The size of output is determined in the same manner as convolutional layers. The layer will operate on each channel individually, causing no change in number of channels from input to output. Thus, the only dimensions that change are width and height.
Max function has no learnable parameters, and thus only acts as gateway for redirecting flow of gradients. The gradient will only flow through the cell actually used in computation of the max (the maximum valued cell) since adjusting the other cells by little amounts will not change the output.

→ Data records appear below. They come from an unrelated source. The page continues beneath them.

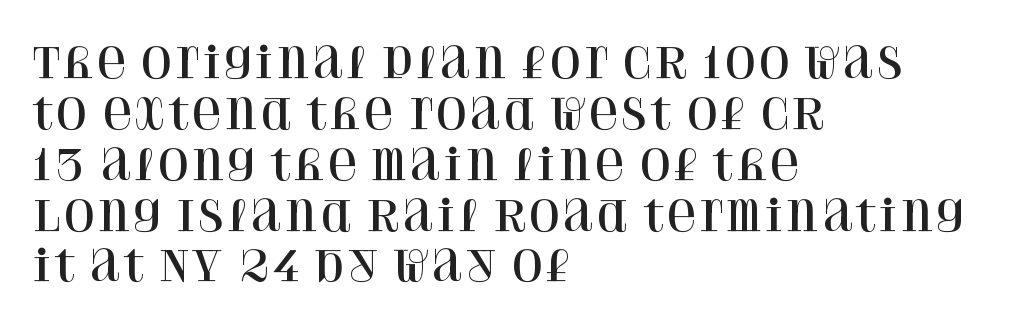
{"serif": "yes", "italic": "no", "width": "normal", "stroke_contrast": "high", "x_height": "large", "monospaced": "no", "underline": "no", "align": "left", "line_spacing_ratio": 1.24, "letter_spacing": "normal", "letter_spacing_em": 0.0, "glyph_px": 41}
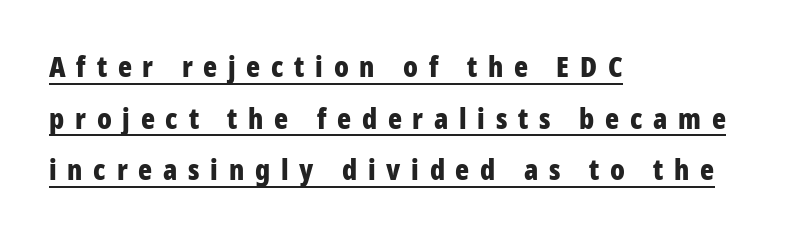
The image shows 29 px bold, condensed sans-serif type, upright; set left-aligned, line spacing 1.78x, unusually wide letter spacing (+0.37 em), underlined; low stroke contrast and a large x-height.
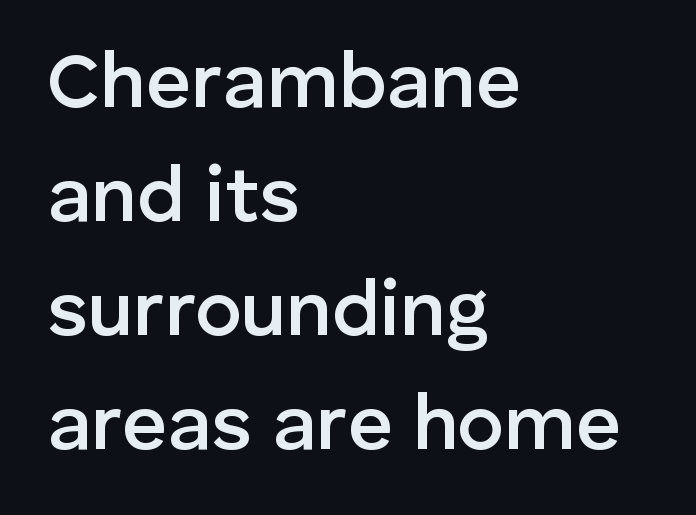
No word sits above an underline. The ragged edge is on the right, which tells us the setting is flush left. Regarding serifs, this sample does without them. Do the characters align in a grid? No, the font is proportional.
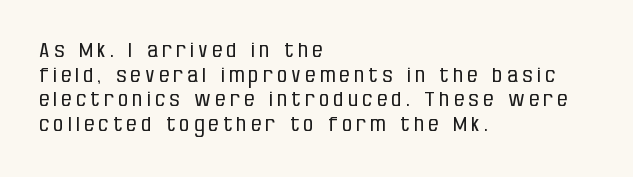
{"italic": "no", "bold": "no", "underline": "no", "align": "left", "line_spacing_ratio": 1.23, "letter_spacing": "wide", "letter_spacing_em": 0.23, "glyph_px": 20}
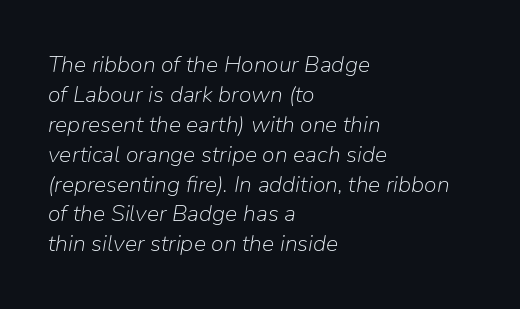
{"italic": "yes", "lean": "right", "slant_degrees": 9, "bold": "no", "underline": "no", "align": "left", "line_spacing": "normal", "line_spacing_ratio": 1.3, "letter_spacing": "normal", "letter_spacing_em": 0.0, "glyph_px": 23}
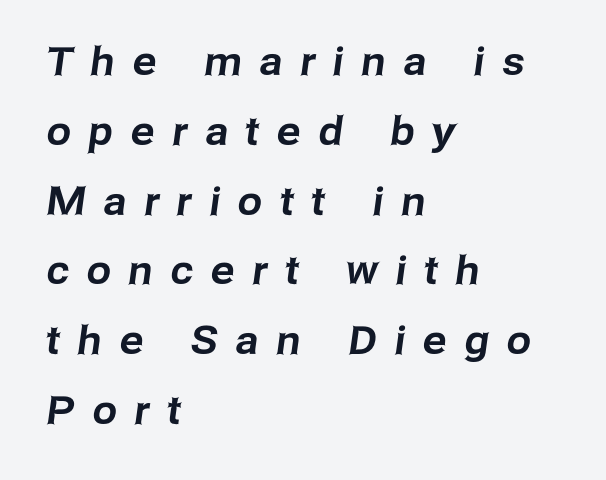
Q: Is the typeface a serif or a sans-serif typeface? A: Sans-serif.
Q: Is the text underlined? A: No.
Q: How is the paragraph aligned? A: Left-aligned.
Q: Is the spacing between letters normal or unusually wide? A: Unusually wide.
Q: Width (condensed, normal, or wide)? A: Normal.
Q: Stroke contrast? A: Low.
Q: x-height? A: Medium.
Q: Monospaced? A: No.
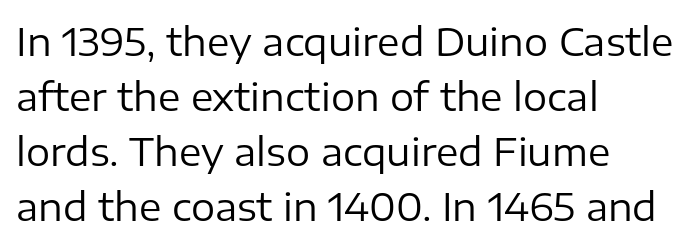
The image shows 38 px regular-weight sans-serif type, upright; set left-aligned, normal line spacing (1.45x), normal letter spacing, not underlined; low stroke contrast and a medium x-height.
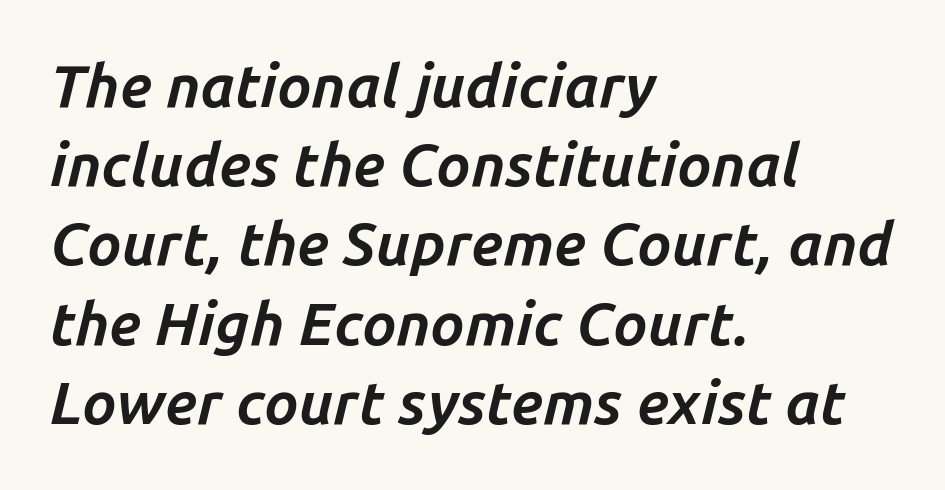
Q: Is the text bold? A: Yes.
Q: Is the text italic (slanted)? A: Yes, it leans right by about 14 degrees.
Q: Is the text underlined? A: No.
Q: How is the paragraph aligned? A: Left-aligned.
Q: Is the spacing between letters normal or unusually wide? A: Normal.
Q: Is the spacing between lines tight, normal or loose? A: Normal.
Q: Width (condensed, normal, or wide)? A: Normal.
Q: Stroke contrast? A: Low.
Q: x-height? A: Medium.
Q: Monospaced? A: No.

In case multiple cells satisfy the maximum condition (discontinuity), there is no single way to distribute the gradient. Usually, the first entry corresponding to the maximum has the gradient flow. When weights are initialized properly, this problem will be rare. \begin{align} X &= \begin{bmatrix} 1 &0\newline 2 &0\newline\end{bmatrix}\newline Y &= MaxPool2D(X) = 2, \; Y_{max} = (2,1)\newline \frac{dL}{dX} &= \frac{dL}{dY}\frac{dY}{dX} = \begin{bmatrix} 0 &0\newline \frac{dL}{dY} &0\newline\end{bmatrix}\end{align}
When implementing this layer, we will remember the index of the input where the maximum occurred and allow gradient flow only through that cell. In case the same input cell is used in multiple max (stride $=$ 1 for instance), the total gradient gets added up \begin{align} X &= \begin{bmatrix} 1 &0 &1\newline 2 &0 &1\newline 0 &1 &0\end{bmatrix}\newline Y &= MaxPool2D(X) = \begin{bmatrix} 2 &1\newline 2 &1\end{bmatrix}, \; Y_{max} = \begin{bmatrix} 2,1 &1,3\newline 2,1 &2,3\end{bmatrix}\newline \frac{dL}{dX} &= \frac{dL}{dY}\frac{dY}{dX} = \begin{bmatrix} 0 &0 &\frac{dL}{dY_{12}}\newline \frac{dL}{dY_{11}} + \frac{dL}{dY_{21}} &0 &\frac{dL}{dY_{22}}\newline 0 &0 &0\end{bmatrix}\end{align}
Similar to MaxPool, this layer has no learnable parameters and just restructres the input data into a flat 1D array. The gradient flow is simply remembering which index in the original tensor corresponds to the considered index in the 1D array. The total number of elements in the input and output remain the same.